**Exercise**
Your answer must be an exact transcription of every entry.

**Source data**
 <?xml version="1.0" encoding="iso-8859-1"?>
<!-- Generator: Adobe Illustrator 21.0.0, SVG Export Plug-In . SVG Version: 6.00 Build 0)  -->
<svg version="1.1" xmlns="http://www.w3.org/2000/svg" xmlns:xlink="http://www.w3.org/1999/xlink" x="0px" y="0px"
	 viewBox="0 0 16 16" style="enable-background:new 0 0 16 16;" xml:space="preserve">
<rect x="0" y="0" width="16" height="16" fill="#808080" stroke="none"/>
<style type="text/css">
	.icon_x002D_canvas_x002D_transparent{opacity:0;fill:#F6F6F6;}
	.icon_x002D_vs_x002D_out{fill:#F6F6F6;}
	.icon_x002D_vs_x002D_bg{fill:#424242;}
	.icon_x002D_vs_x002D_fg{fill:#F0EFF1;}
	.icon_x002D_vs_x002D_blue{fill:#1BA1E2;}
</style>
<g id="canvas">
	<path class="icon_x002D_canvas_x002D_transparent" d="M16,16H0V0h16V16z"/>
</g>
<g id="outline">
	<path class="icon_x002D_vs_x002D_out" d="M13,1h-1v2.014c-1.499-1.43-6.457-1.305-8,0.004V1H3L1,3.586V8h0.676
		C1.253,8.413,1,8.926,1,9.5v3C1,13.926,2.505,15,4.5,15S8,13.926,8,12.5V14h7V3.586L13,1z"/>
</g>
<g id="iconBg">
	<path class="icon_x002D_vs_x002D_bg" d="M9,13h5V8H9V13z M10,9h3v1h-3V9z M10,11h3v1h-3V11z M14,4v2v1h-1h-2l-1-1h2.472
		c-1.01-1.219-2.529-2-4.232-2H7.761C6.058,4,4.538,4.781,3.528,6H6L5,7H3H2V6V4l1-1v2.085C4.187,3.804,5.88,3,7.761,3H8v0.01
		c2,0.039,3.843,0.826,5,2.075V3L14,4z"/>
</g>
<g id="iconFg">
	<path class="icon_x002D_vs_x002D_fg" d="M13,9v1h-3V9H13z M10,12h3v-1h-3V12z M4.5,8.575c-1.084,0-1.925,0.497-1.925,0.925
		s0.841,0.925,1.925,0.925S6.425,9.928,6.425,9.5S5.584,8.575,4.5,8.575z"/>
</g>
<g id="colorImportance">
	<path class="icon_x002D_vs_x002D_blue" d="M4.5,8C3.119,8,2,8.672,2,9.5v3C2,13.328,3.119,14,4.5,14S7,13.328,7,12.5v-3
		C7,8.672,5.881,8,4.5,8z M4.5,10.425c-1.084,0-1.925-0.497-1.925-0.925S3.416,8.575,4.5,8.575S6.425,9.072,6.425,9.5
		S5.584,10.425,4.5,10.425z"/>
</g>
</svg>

**Answer space**
 <?xml version="1.0" encoding="iso-8859-1"?>
<!-- Generator: Adobe Illustrator 21.0.0, SVG Export Plug-In . SVG Version: 6.00 Build 0)  -->
<svg version="1.1" xmlns="http://www.w3.org/2000/svg" xmlns:xlink="http://www.w3.org/1999/xlink" x="0px" y="0px"
	 viewBox="0 0 16 16" style="enable-background:new 0 0 16 16;" xml:space="preserve">
<rect x="0" y="0" width="16" height="16" fill="#808080" stroke="none"/>
<style type="text/css">
	.icon_x002D_canvas_x002D_transparent{opacity:0;fill:#F6F6F6;}
	.icon_x002D_vs_x002D_out{fill:#F6F6F6;}
	.icon_x002D_vs_x002D_bg{fill:#424242;}
	.icon_x002D_vs_x002D_fg{fill:#F0EFF1;}
	.icon_x002D_vs_x002D_blue{fill:#1BA1E2;}
</style>
<g id="canvas">
	<path class="icon_x002D_canvas_x002D_transparent" d="M16,16H0V0h16V16z"/>
</g>
<g id="outline">
	<path class="icon_x002D_vs_x002D_out" d="M13,1h-1v2.014c-1.499-1.43-6.457-1.305-8,0.004V1H3L1,3.586V8h0.676
		C1.253,8.413,1,8.926,1,9.5v3C1,13.926,2.505,15,4.5,15S8,13.926,8,12.5V14h7V3.586L13,1z"/>
</g>
<g id="iconBg">
	<path class="icon_x002D_vs_x002D_bg" d="M9,13h5V8H9V13z M10,9h3v1h-3V9z M10,11h3v1h-3V11z M14,4v2v1h-1h-2l-1-1h2.472
		c-1.01-1.219-2.529-2-4.232-2H7.761C6.058,4,4.538,4.781,3.528,6H6L5,7H3H2V6V4l1-1v2.085C4.187,3.804,5.88,3,7.761,3H8v0.01
		c2,0.039,3.843,0.826,5,2.075V3L14,4z"/>
</g>
<g id="iconFg">
	<path class="icon_x002D_vs_x002D_fg" d="M13,9v1h-3V9H13z M10,12h3v-1h-3V12z M4.5,8.575c-1.084,0-1.925,0.497-1.925,0.925
		s0.841,0.925,1.925,0.925S6.425,9.928,6.425,9.5S5.584,8.575,4.5,8.575z"/>
</g>
<g id="colorImportance">
	<path class="icon_x002D_vs_x002D_blue" d="M4.5,8C3.119,8,2,8.672,2,9.5v3C2,13.328,3.119,14,4.5,14S7,13.328,7,12.5v-3
		C7,8.672,5.881,8,4.5,8z M4.5,10.425c-1.084,0-1.925-0.497-1.925-0.925S3.416,8.575,4.5,8.575S6.425,9.072,6.425,9.5
		S5.584,10.425,4.5,10.425z"/>
</g>
</svg>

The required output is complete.